One of the theorem may be good here is :

Any local ring is equivalent to an indecomposable clean ring

I feel $R$ is not clean ring

BTW, $R$ is indecomposable ring means $R$ is not isomorphic to a direct sum of nontrivial rings

Answer 1

You apparently intend your operations to be coordinatewise. Imbuing $\mathbb N$ with the discrete topology makes all functions continuous, so we are actually not restricted there.

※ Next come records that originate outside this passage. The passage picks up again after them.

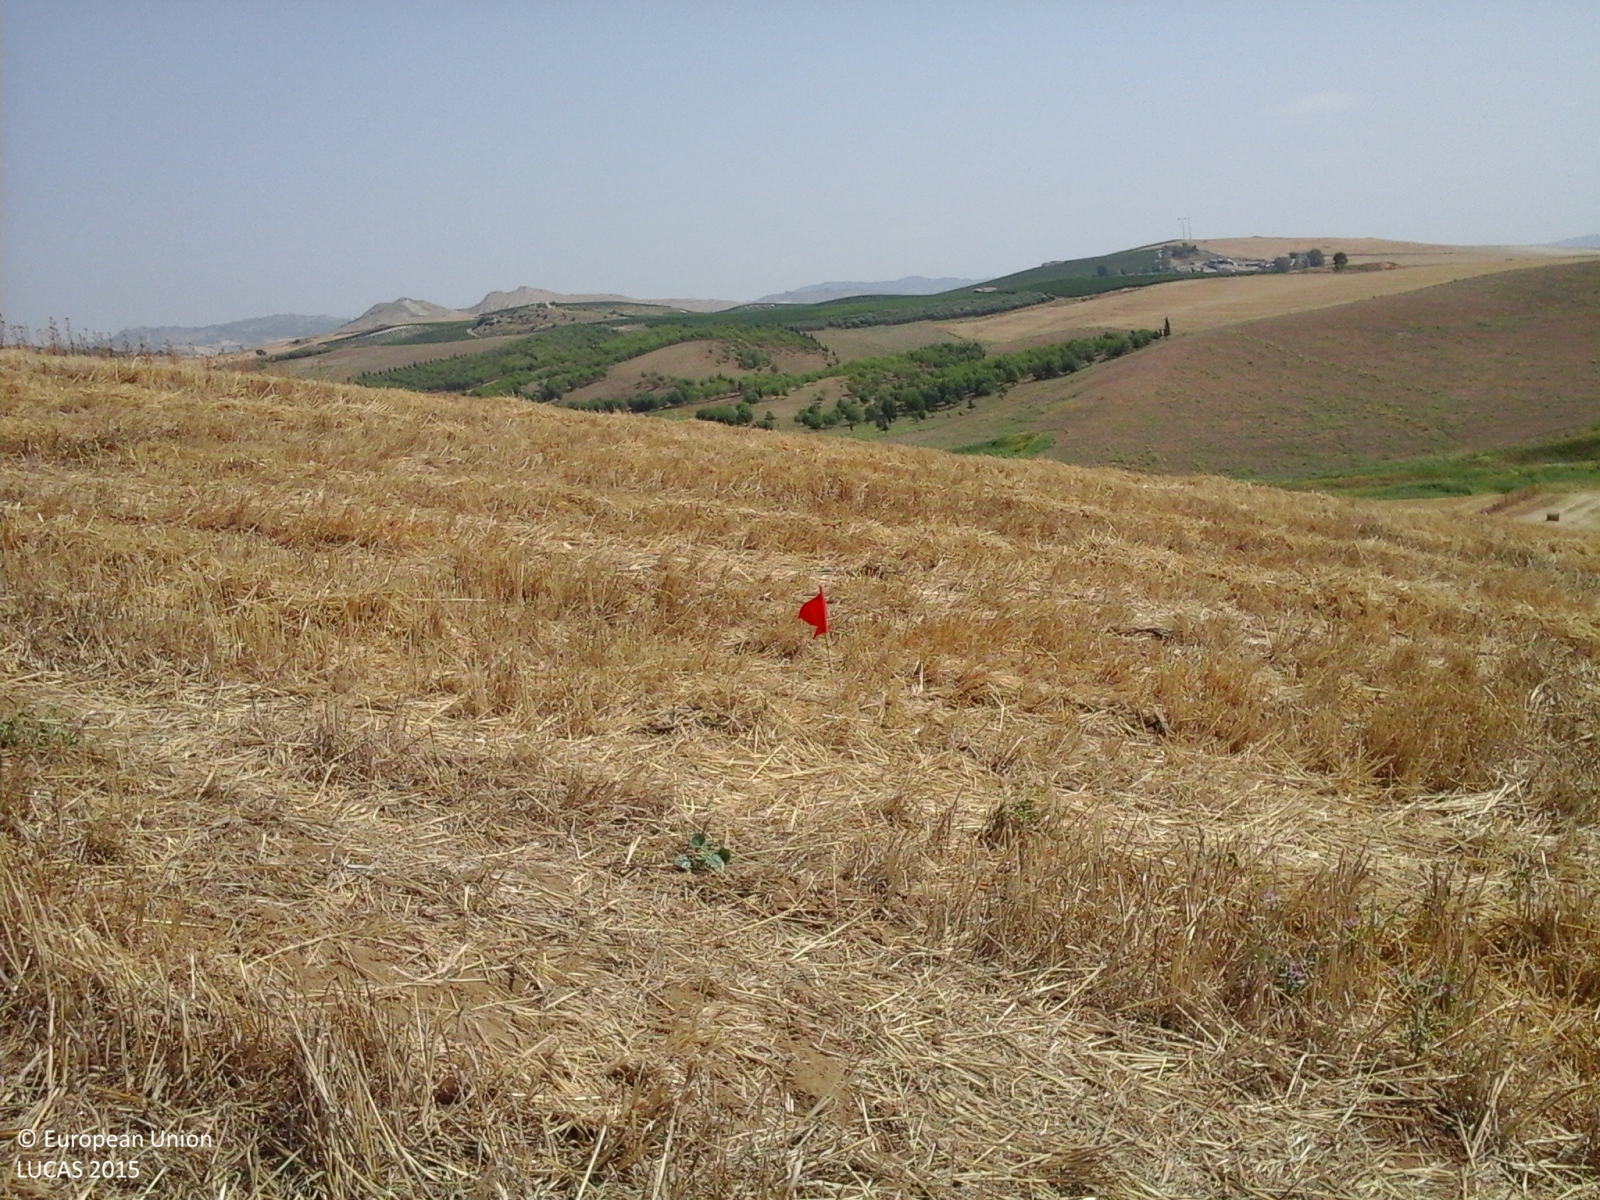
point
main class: Cropland
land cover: Durum wheat
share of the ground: > 75 %
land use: Agriculture (excluding fallow land and kitchen gardens)
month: July
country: IT
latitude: 37.3916
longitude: 13.9795
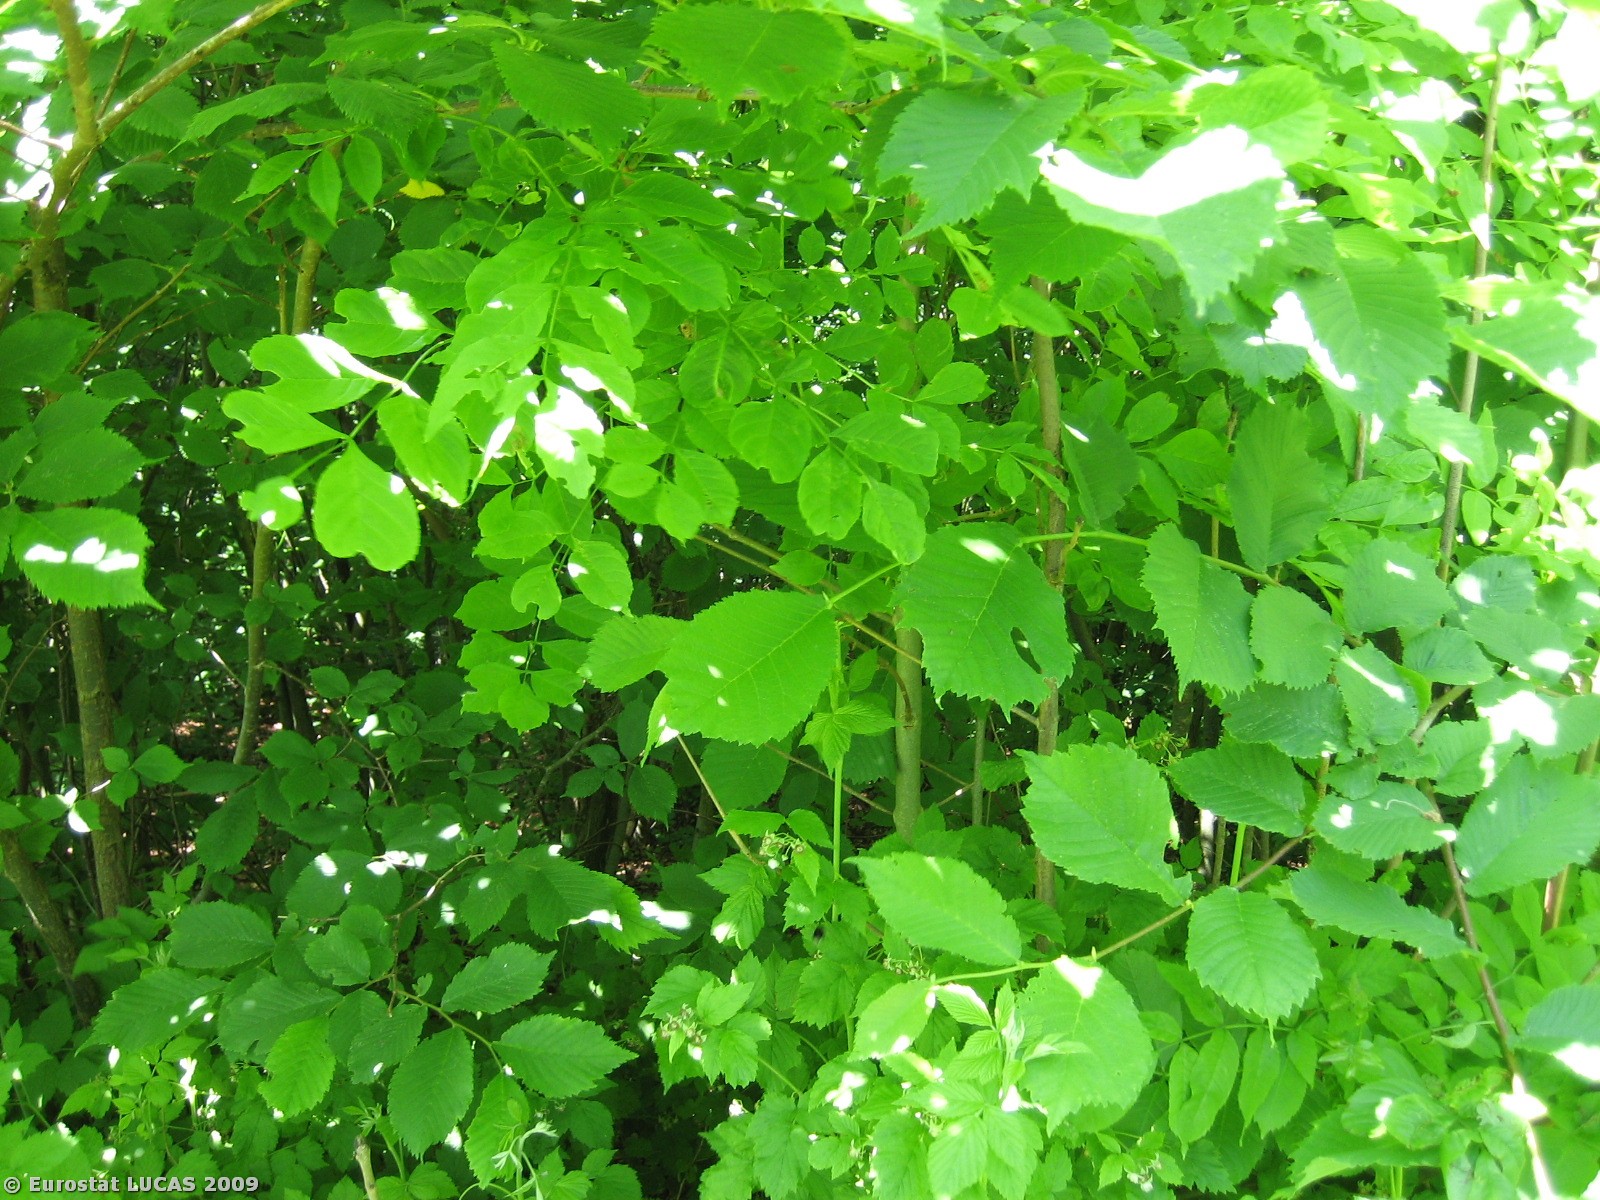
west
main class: Woodland
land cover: Broadleaved woodland
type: mesophytic deciduous forest
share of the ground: > 75 %
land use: Residential
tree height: > 5 m
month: June
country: DK
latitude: 55.9540
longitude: 9.8560

Then the units of your ring are of the form $(u,v)$ where $u(x)\neq 0\neq v(x)$ for any $x$, and $u(1)=v(1)$. The idempotents are of the form $(e,f)$ where $e(x),f(x)\in \{0,1\}$ for all $x$.

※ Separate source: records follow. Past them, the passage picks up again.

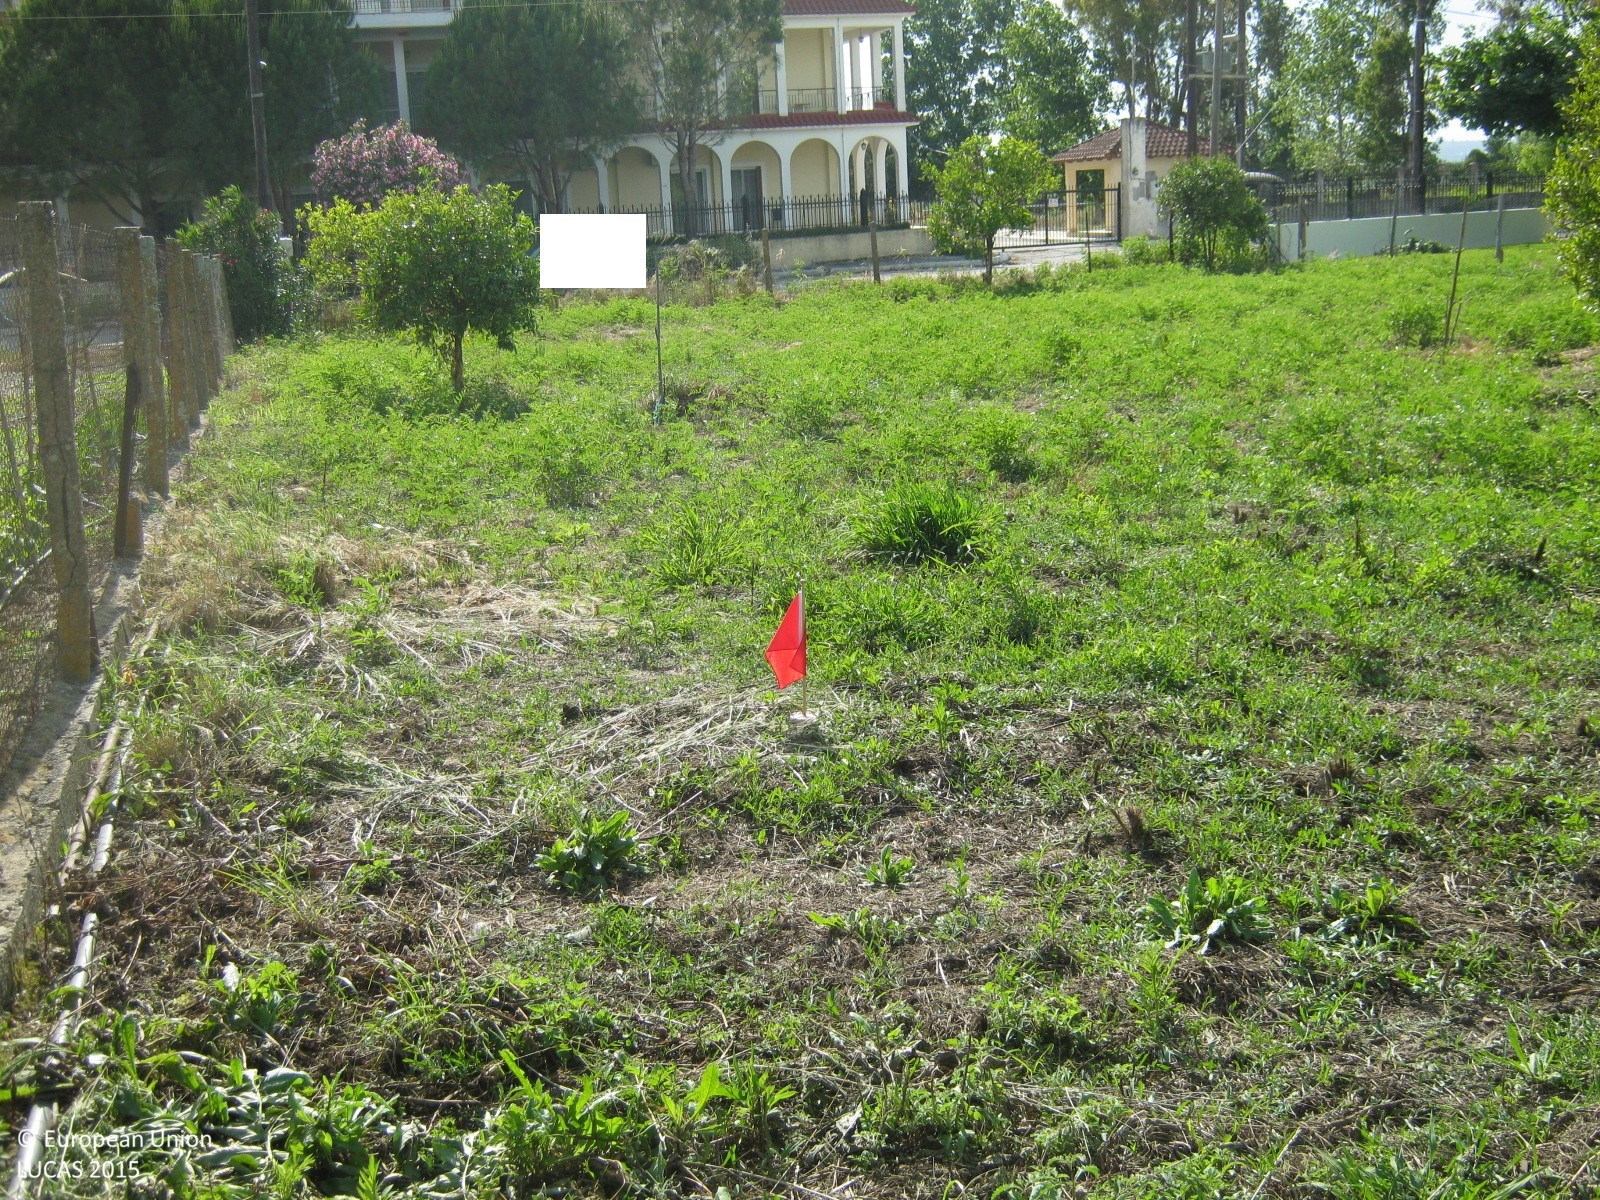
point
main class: Cropland
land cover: Oranges
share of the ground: 10 - 25 %
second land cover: Spontaneously vegetated surfaces
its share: > 75 %
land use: Kitchen garden
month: May
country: GR
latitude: 37.8466
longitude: 21.2446

It's clear how you "fix" $f$ and $g$ if they happen to be zero at $x$: you just subtract $1$ on that position, and that will make it nonzero. So to that end:

$$e_1(x)=\left\{\begin{array}{rcl} 1& &f(x)=0 \\ 0& &f(x)=1 \end{array}\right.$$

and

$$e_2(x)=\left\{\begin{array}{rcl} 1& &g(x)=0 \\ 0& &g(x)=1 \end{array}\right.$$

$e_1(1)=e_2(1)$ since $f(1)=g(1)$.

Answer 2

after many tries , I found $R$ is a clean ring, since we can choose an idempotent element $(e_1,e_2)$ corresponding any element in $(f,g)$ as follows :

For any element $(f,g)\in R$, we must have $(f,g)=(u_1,u_2)+(e_1,e_2)$, where $(u_1,u_2)$ is unit and $(e_1,e_2)$ is an idempotent.

By choosing $$e_1=\left\{\begin{array}{rcl} 1& ,&x\in\mathbb N \setminus \{1\} , f(x)=0, or \ f(1)=0 \\ 0&, &x=1 \end{array}\right.$$

Similarly for $e_2$. So, $(e_1,e_2)$ is an idempotent and $(u_1,u_2)=(f-e_1,g-e_2)$ is a unit.